# Who is your photography hero?



## tundrakatiebean (Apr 21, 2008)

..or your favorite photographer?

I've really just been introduced to film photographers and I am amazed at some of the images and people I have seen. In my last class we watched a documentary on Richard Avedon and we saw the images of his father - I literaly burst into tears, I found them that powerful.
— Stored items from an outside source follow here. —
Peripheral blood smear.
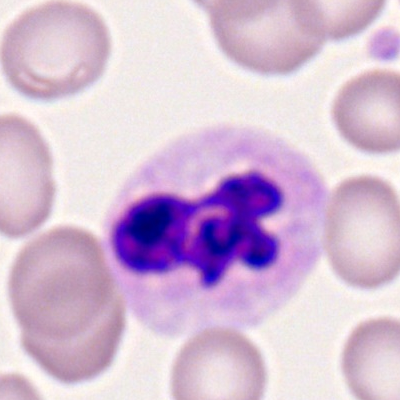 Q: What cell is this?
A: Polymorphonuclear neutrophil.
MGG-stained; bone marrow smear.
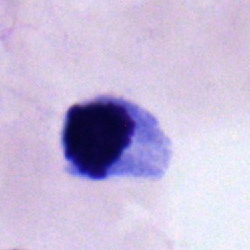 The cell shown is a normoblast.
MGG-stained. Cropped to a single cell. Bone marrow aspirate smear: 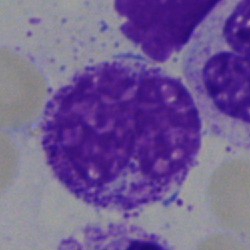

A myelocyte.
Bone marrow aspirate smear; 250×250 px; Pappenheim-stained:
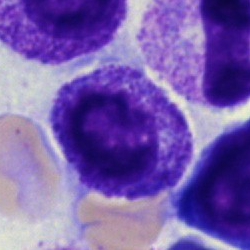
The classification is myelocyte.

I was wondering who's work touches you or inspires you in your film journeys!


----------



## jwkwd (Apr 22, 2008)

I don't have a favorite or hero, but after seeing some documentaries on the Sundance channel, Henri Cartier-Bresson and William Eggleston are unique individuals. I certainly like Eggleston' attitude toward photography.


----------



## christopher walrath (Apr 22, 2008)

My hero is Galen Rowell.  My mentor is Ansel Adams.


----------



## bapp (Apr 22, 2008)

It's good to see some discussion about photographers on here again, I tried to do this a while back and failed but thats another story...
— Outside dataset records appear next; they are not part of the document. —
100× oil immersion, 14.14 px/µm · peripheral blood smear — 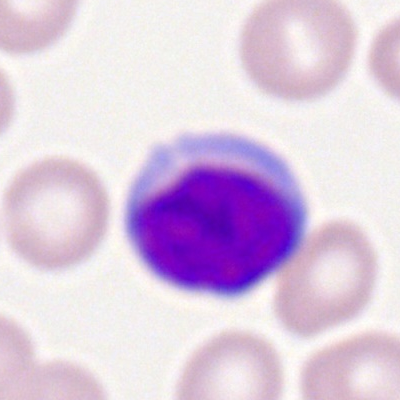Classification: typical lymphocyte.
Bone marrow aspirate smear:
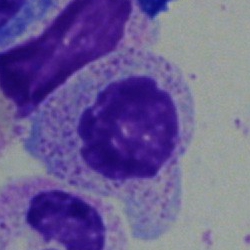Morphological class: myelocyte.

My photography hero's are vast and differing and to pick one would be almost impossible. 

Id have to Say Eggleston would be up there as an inspirational guide.

For sheer genius in the sense of originality of ideas Guy Bourdin certainly should be on the list. 

and

The work am am most intrigued by, would have to be Diane Arbus, work of a total genius and holds endless talking points!
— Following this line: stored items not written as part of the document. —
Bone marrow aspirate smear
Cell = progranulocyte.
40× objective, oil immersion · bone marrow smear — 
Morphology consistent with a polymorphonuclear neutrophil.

Photography is much more than just ascetics and people who do not realise this are really missing out!


----------



## Judge Sharpe (Apr 23, 2008)

Photo heroes? The military photographers who charged the enemy carrying just a camera. The ones who hung out of Huie doors in Viet Nam to bring us it home to us.  Also the old time news photogs who used Speed graphics to capture the images of history. Mo Boggs, major league ball player who took prewar pictures of Tokyo harbor with his 35mm while on tour there.  Mathew Brady and those of his generation.  Joe Rosenthal.
Judge Sharpe


----------



## gsga (Apr 28, 2008)

--Cartier-Bresson, aesthetically.

--David Wojnarowicz, politically and in general. documented the ravages of the aids epidemic on the LES nyc gay population. went where no one else would go... told the story of the waterfront lifestyle. he was the epitome of the political artist. unapologetic. so angry. so punk.

RIP


----------



## Alpha (Apr 28, 2008)

Among contemporary photographers, Smith and Chamlee. I haven't seen such wonderfully crazed technicians since Adams.


----------



## John_Olexa (Apr 28, 2008)

I've always been a big fan of Frans Lanting's work


----------



## Renair (Apr 29, 2008)

Steve McCurry, he did that Afghan Girl shot for the Geographic.  Also James Nacthwey for his war / environmental photography and Joel Satore for his work also.  Not really into much other photography, but if for fashion and portraits, my friend Alison is brilliant, she inspires me also.  www.alisonboland.com


----------



## JC1220 (Apr 29, 2008)

Alpha said:


> Among contemporary photographers, Smith and Chamlee. I haven't seen such wonderfully crazed technicians since Adams.


 

Cound not agree with you more. Except, they are much more akin to Weston than Adams. They do none of the rediculous darkroom manipulation that AA resorted to. 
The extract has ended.